→ Input data:
▬▬▬▬▬▬▬▬▬▬

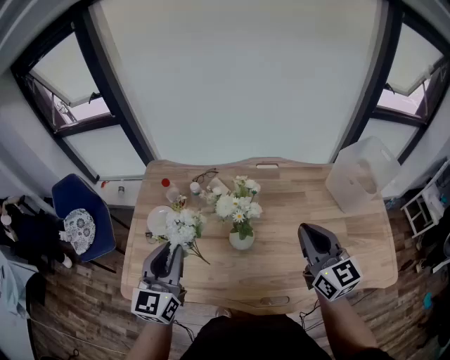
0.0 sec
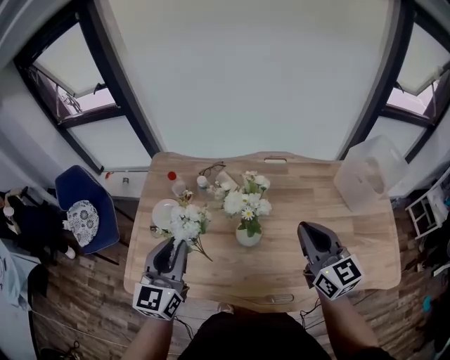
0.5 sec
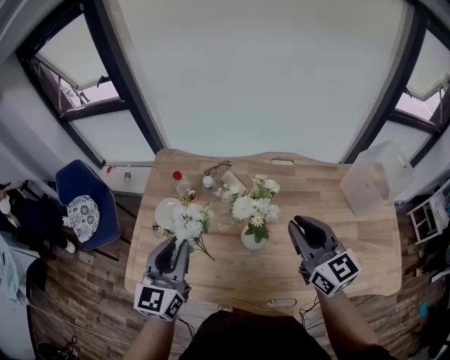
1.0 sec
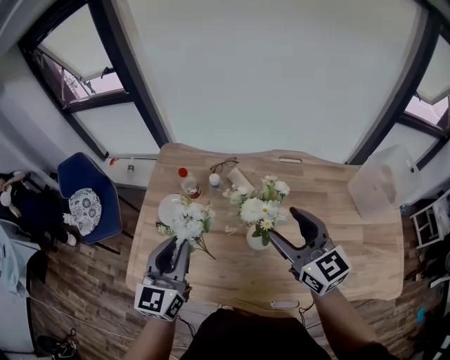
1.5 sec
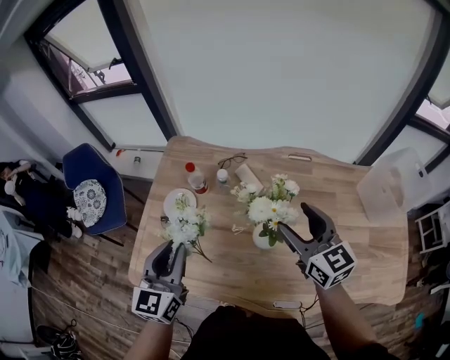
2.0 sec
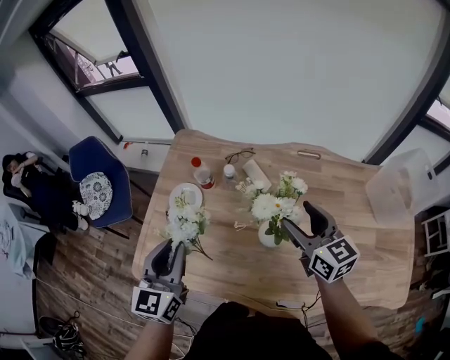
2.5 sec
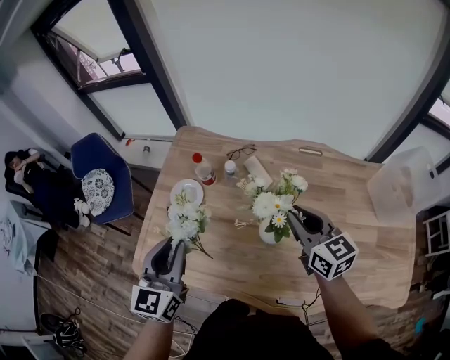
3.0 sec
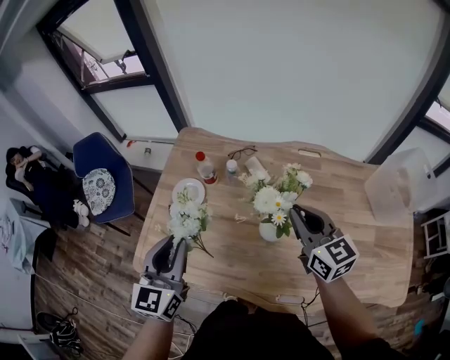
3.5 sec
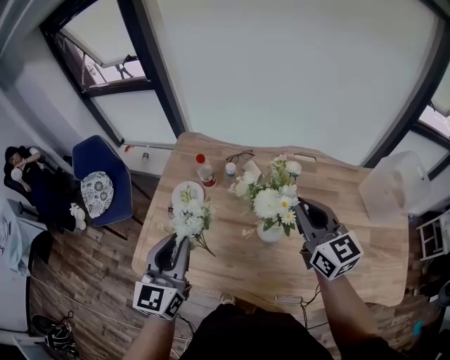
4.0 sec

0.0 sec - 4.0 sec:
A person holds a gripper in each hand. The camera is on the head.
0.0 sec - 2.0 sec: The right gripper shifts about 15 cm forward and to the left, and opens up. The left gripper heads to the left, covering some 5 cm.
2.0 sec - 4.0 sec: The right gripper closes its fingers.

▬▬▬▬▬▬▬▬▬▬

→ What to do: All the records above need to be given again word for word. Skip the pictures.

→ Written solution:
0.0 sec
0.5 sec
1.0 sec
1.5 sec
2.0 sec
2.5 sec
3.0 sec
3.5 sec
4.0 sec

0.0 sec - 4.0 sec:
A person holds a gripper in each hand. The camera is on the head.
0.0 sec - 2.0 sec: The right gripper shifts about 15 cm forward and to the left, and opens up. The left gripper heads to the left, covering some 5 cm.
2.0 sec - 4.0 sec: The right gripper closes its fingers.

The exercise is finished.